I don't know whether this issue is OS-specific, hardware-specific, or configuration-specific.
Any ideas?
Best Answer
Overcommitting available RAM, which causes a large amount of swapping, can definitely do this. Remember that random access I/O on your mechanical HDD requires moving a read/write head, which can only do around 100 seeks per second.
It's usual for Linux to go totally out to lunch, if you overcommit RAM "too much". I also have a spinny disk and 8GB RAM. I have had problems with a couple of pieces of software with memory leaks. I.e. their memory usage keeps growing over time and never shrinks, so the only way to control it would have been to stop the software and then restart it. Based on the experiences I had during this, I am not very surprised to hear delays over ten minutes, if you are generating 3GB+ of swap.
You won't necessarily see this in all cases where you have more than 3GB of swap. Theory says the key concept is thrashing. On the other hand, if you are trying to switch between two different working sets, and it requires swapping 3GB in and out, at 100MB/s it will take at least 60 seconds even if the I/O pattern can be perfectly optimized. In practice, the I/O pattern will be far from optimal.

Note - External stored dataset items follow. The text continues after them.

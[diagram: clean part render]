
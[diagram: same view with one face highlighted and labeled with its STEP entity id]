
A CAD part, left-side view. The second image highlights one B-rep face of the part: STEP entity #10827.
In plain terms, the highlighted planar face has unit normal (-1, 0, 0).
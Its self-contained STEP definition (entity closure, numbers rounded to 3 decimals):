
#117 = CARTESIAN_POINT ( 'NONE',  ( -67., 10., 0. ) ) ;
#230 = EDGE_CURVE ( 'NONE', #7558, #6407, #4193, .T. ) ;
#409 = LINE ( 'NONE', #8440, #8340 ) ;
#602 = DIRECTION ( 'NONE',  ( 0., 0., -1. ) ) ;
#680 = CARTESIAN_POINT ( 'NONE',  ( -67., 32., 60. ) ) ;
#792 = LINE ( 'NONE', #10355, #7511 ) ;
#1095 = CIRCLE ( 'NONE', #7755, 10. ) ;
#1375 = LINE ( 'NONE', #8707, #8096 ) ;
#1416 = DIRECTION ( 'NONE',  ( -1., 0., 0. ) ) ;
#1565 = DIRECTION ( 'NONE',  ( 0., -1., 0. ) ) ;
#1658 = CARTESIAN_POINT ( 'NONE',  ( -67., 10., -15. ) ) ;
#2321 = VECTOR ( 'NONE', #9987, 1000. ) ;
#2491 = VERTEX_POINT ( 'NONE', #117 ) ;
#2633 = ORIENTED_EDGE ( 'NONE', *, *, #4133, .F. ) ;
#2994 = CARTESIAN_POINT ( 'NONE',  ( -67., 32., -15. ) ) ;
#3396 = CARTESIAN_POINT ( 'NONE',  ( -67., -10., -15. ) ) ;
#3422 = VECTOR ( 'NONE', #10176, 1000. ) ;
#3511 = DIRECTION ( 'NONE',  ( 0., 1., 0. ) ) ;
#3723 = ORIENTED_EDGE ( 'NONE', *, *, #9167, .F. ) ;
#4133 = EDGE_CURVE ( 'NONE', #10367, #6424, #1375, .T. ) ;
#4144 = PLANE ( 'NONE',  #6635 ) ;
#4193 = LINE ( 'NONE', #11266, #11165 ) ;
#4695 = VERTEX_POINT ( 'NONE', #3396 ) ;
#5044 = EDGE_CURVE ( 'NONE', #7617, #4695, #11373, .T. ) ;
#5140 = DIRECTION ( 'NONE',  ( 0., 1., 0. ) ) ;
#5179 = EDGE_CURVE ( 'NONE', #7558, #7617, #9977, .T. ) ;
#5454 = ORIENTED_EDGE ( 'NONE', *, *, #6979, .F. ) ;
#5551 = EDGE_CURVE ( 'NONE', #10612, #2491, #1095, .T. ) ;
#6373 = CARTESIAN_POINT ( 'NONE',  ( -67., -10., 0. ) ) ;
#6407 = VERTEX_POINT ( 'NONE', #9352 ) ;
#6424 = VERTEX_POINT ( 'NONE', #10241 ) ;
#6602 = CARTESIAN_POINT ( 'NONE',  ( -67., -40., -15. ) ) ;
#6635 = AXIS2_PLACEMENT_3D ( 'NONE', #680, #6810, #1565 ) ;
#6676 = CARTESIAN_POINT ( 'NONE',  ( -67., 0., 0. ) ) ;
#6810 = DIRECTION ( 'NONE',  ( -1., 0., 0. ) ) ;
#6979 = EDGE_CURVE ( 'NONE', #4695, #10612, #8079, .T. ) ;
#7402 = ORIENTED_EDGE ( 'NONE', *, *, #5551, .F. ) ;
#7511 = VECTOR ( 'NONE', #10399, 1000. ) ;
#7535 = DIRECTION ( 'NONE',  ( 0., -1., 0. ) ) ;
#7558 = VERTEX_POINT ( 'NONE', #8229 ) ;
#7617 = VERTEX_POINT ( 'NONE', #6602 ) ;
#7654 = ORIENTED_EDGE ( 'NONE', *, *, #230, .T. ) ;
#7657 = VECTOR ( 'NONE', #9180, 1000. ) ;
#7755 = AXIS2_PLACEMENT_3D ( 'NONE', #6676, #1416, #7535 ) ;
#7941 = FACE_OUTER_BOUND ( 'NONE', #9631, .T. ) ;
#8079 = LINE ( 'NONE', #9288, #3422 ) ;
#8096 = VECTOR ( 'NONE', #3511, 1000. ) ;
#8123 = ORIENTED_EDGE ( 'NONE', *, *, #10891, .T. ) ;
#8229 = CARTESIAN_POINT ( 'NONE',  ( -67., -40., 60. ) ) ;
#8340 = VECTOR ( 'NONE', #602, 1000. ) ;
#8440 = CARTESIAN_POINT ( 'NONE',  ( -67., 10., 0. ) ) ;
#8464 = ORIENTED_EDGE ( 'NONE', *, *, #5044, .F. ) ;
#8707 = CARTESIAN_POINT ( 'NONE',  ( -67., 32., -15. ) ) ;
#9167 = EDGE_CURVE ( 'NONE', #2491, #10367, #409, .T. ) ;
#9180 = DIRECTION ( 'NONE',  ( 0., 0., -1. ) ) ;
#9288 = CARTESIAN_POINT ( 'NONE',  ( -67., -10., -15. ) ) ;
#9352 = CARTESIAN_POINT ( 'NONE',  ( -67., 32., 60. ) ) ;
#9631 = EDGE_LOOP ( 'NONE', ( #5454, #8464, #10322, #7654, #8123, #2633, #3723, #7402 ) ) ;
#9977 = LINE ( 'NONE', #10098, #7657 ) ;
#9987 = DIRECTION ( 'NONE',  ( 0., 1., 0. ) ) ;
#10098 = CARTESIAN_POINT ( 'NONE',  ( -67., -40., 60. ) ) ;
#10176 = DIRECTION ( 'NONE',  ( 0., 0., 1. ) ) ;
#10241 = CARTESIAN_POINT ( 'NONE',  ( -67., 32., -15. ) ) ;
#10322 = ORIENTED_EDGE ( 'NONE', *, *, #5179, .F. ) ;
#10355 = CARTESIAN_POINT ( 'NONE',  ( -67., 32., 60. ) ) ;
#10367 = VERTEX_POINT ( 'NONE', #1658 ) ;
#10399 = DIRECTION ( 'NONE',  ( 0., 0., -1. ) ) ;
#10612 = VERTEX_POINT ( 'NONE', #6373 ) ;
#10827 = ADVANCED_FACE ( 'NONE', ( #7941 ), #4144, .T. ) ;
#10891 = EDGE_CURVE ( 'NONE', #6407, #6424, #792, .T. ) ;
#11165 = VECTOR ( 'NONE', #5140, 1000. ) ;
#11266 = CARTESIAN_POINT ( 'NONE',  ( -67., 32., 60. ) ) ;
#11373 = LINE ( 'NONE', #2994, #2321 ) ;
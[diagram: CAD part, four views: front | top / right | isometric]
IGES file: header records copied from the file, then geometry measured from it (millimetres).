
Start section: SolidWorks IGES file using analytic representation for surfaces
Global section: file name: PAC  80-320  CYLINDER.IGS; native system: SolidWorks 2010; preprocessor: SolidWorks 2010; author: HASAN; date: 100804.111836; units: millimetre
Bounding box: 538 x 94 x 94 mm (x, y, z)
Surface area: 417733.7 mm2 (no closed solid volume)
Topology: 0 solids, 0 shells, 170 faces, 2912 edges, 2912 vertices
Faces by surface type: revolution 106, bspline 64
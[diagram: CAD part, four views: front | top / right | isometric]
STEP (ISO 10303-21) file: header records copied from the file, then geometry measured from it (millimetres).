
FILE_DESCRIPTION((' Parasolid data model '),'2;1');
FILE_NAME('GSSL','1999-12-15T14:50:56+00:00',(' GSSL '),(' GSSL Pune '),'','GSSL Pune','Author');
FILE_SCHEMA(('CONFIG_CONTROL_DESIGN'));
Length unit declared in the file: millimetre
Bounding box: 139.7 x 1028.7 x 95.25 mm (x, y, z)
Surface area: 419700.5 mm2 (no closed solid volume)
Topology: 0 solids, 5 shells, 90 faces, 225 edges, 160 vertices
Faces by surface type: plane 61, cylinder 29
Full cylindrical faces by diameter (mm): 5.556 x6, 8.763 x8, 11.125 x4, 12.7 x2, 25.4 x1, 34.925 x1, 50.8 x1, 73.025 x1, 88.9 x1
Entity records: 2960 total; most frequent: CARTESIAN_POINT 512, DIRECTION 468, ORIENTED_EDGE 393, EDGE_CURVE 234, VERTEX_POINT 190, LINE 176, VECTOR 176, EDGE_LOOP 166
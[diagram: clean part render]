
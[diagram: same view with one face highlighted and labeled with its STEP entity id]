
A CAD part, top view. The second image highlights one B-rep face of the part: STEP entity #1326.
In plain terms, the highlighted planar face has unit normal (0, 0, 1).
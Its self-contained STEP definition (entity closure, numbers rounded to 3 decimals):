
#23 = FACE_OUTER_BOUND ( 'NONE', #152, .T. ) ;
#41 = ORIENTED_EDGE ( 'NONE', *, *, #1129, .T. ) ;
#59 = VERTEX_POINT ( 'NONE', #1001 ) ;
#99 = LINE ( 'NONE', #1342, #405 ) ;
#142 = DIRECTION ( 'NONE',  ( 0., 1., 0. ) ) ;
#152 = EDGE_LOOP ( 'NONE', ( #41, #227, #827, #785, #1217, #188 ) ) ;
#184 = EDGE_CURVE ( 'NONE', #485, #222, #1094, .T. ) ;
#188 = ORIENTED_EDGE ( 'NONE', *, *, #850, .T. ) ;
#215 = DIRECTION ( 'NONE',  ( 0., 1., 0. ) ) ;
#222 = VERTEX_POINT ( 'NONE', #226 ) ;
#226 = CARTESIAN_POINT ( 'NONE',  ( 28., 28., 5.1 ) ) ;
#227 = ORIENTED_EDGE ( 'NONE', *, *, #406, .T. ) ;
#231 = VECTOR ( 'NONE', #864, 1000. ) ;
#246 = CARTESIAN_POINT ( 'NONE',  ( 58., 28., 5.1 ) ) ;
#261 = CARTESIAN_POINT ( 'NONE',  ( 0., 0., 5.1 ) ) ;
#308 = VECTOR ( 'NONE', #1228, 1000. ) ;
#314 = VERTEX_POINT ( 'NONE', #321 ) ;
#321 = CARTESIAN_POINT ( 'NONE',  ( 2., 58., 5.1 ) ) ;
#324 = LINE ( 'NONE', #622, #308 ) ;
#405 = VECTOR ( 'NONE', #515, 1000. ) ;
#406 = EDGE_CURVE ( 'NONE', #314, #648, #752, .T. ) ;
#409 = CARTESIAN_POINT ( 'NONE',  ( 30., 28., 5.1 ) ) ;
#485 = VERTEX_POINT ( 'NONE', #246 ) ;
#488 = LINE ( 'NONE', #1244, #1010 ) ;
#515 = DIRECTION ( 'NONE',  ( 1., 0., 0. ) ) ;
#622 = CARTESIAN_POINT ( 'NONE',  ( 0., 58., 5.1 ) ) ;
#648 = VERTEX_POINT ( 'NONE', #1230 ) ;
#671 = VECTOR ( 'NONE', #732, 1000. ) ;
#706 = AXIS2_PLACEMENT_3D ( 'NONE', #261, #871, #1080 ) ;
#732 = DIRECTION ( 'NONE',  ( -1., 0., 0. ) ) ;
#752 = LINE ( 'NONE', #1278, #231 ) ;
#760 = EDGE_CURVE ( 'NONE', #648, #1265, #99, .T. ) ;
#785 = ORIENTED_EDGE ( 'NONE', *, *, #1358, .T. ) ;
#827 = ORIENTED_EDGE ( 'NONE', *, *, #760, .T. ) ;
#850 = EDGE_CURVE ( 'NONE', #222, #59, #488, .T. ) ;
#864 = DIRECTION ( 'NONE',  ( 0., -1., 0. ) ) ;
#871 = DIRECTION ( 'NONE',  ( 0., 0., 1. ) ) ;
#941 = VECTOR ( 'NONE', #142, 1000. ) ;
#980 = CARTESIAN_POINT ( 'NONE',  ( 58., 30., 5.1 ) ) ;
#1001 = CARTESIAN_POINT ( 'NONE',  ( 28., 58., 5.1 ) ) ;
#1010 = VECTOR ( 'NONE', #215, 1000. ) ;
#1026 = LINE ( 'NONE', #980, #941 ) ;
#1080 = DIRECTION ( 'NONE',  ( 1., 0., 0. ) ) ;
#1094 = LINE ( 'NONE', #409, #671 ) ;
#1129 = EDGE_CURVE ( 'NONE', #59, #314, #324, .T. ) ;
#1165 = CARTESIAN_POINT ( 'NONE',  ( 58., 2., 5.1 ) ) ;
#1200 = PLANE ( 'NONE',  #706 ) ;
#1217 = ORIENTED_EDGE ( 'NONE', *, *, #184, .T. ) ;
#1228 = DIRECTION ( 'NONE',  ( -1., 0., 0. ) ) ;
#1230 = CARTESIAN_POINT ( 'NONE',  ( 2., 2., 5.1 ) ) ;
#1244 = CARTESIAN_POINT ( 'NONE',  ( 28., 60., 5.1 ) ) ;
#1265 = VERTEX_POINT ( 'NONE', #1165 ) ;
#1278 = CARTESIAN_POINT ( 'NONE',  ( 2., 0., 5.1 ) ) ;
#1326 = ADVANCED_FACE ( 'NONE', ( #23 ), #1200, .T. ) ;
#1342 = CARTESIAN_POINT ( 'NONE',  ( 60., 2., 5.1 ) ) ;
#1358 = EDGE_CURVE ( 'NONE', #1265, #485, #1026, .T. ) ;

After the difficulty I had with this, I reformatted my swap space to 2GB (several times smaller than before), so the system would not be able to swap as deeply. You can do this even without messing around resizing the partition, because
mkswap
takes an optional size parameter.The rough balance is between running out of memory and having processes get killed, and having the system hang for so long that you give up and reboot anyway. I don't know if a 4GB swap partition is too large; it might depend what you're doing. The important thing is to watch out for when the disk starts churning, check your memory usage, and respond accordingly.
Checking memory usage of multi-process applications is difficult. To see memory usage per-process without double-counting shared memory, you can use
sudo atop -R
, press M and m, and look in the PSIZE column. You can also usesmem
.smem -t -P firefox
will show PSS of all your firefox processes, followed by a line with total PSS. This is the correct approach to measure total memory usage of Firefox or Chrome based browsers. (Though there are also browser-specific features for showing memory usage, which will show individual tabs).